Extracted entries —
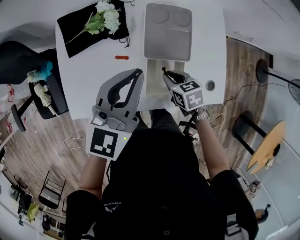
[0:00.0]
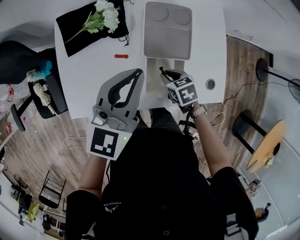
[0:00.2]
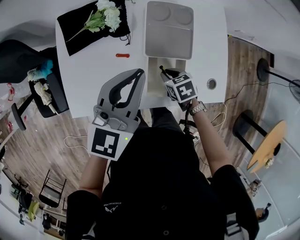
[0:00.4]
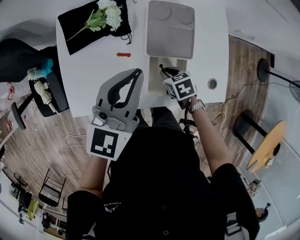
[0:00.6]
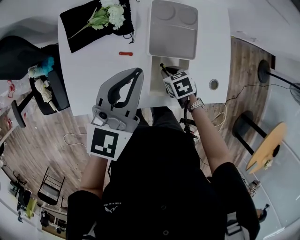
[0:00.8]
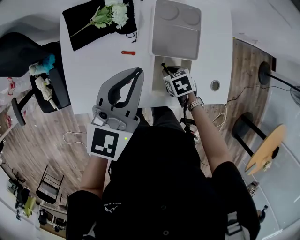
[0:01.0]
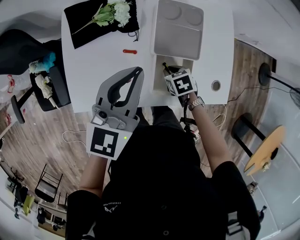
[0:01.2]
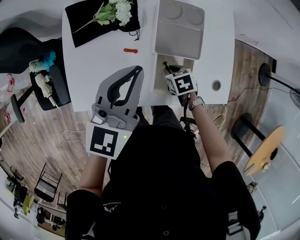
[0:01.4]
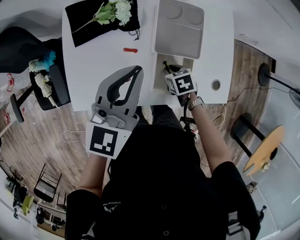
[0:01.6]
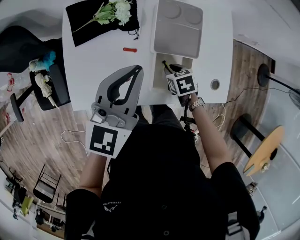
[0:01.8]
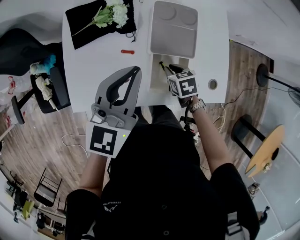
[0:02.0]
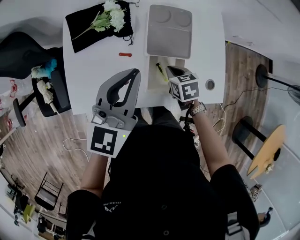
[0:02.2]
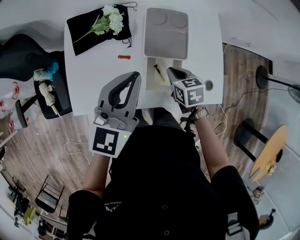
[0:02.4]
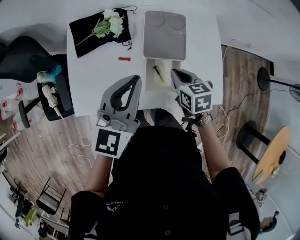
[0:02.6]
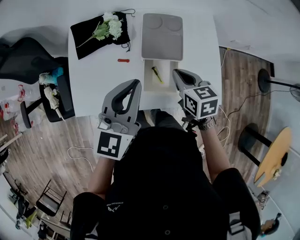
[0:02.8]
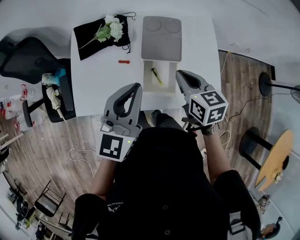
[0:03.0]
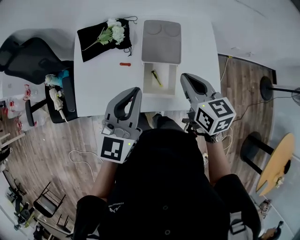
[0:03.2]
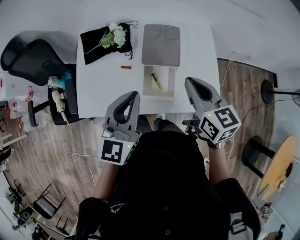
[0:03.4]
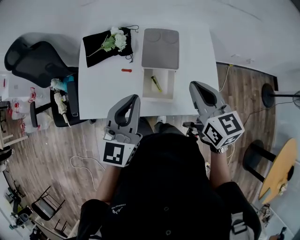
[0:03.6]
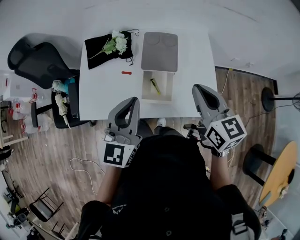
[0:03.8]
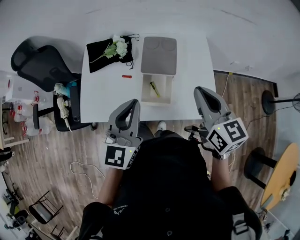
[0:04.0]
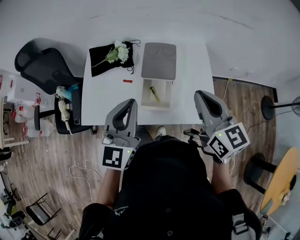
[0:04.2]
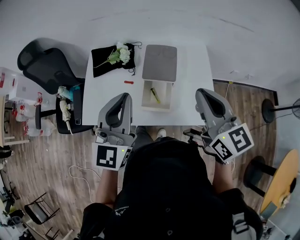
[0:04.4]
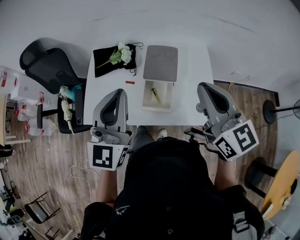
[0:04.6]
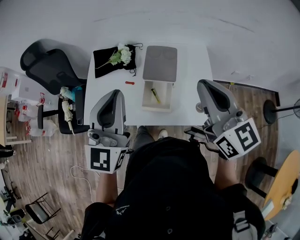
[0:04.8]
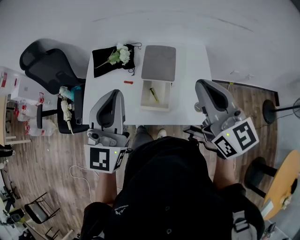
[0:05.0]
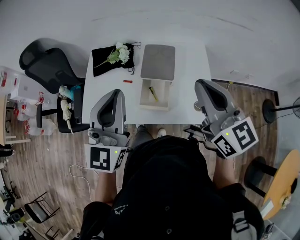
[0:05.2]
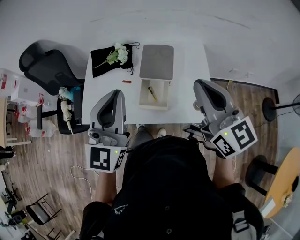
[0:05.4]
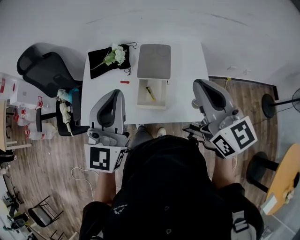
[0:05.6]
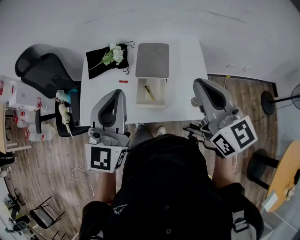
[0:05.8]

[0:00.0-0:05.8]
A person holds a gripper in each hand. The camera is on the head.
0:00.0 to 0:01.4: The right gripper is displaced downward by some 5 cm.
0:01.4 to 0:02.8: The right gripper shifts approximately 20 cm upward, and tips its fingers upward by some 30 degrees; the left gripper is displaced backward by approximately 10 cm.
0:02.8 to 0:04.4: The left gripper shifts some 10 cm upward and backward, and swivels roughly 20 degrees. The right gripper is displaced upward and backward by approximately 25 cm, and tips its fingers upward by some 30 degrees.
0:04.4 to 0:05.8: The grippers move only a little.

Your instructions —
Please reproduce the whole listing exactly; the pictures stay out.

Exercise solution —
[0:00.0]
[0:00.2]
[0:00.4]
[0:00.6]
[0:00.8]
[0:01.0]
[0:01.2]
[0:01.4]
[0:01.6]
[0:01.8]
[0:02.0]
[0:02.2]
[0:02.4]
[0:02.6]
[0:02.8]
[0:03.0]
[0:03.2]
[0:03.4]
[0:03.6]
[0:03.8]
[0:04.0]
[0:04.2]
[0:04.4]
[0:04.6]
[0:04.8]
[0:05.0]
[0:05.2]
[0:05.4]
[0:05.6]
[0:05.8]

[0:00.0-0:05.8]
A person holds a gripper in each hand. The camera is on the head.
0:00.0 to 0:01.4: The right gripper is displaced downward by some 5 cm.
0:01.4 to 0:02.8: The right gripper shifts approximately 20 cm upward, and tips its fingers upward by some 30 degrees; the left gripper is displaced backward by approximately 10 cm.
0:02.8 to 0:04.4: The left gripper shifts some 10 cm upward and backward, and swivels roughly 20 degrees. The right gripper is displaced upward and backward by approximately 25 cm, and tips its fingers upward by some 30 degrees.
0:04.4 to 0:05.8: The grippers move only a little.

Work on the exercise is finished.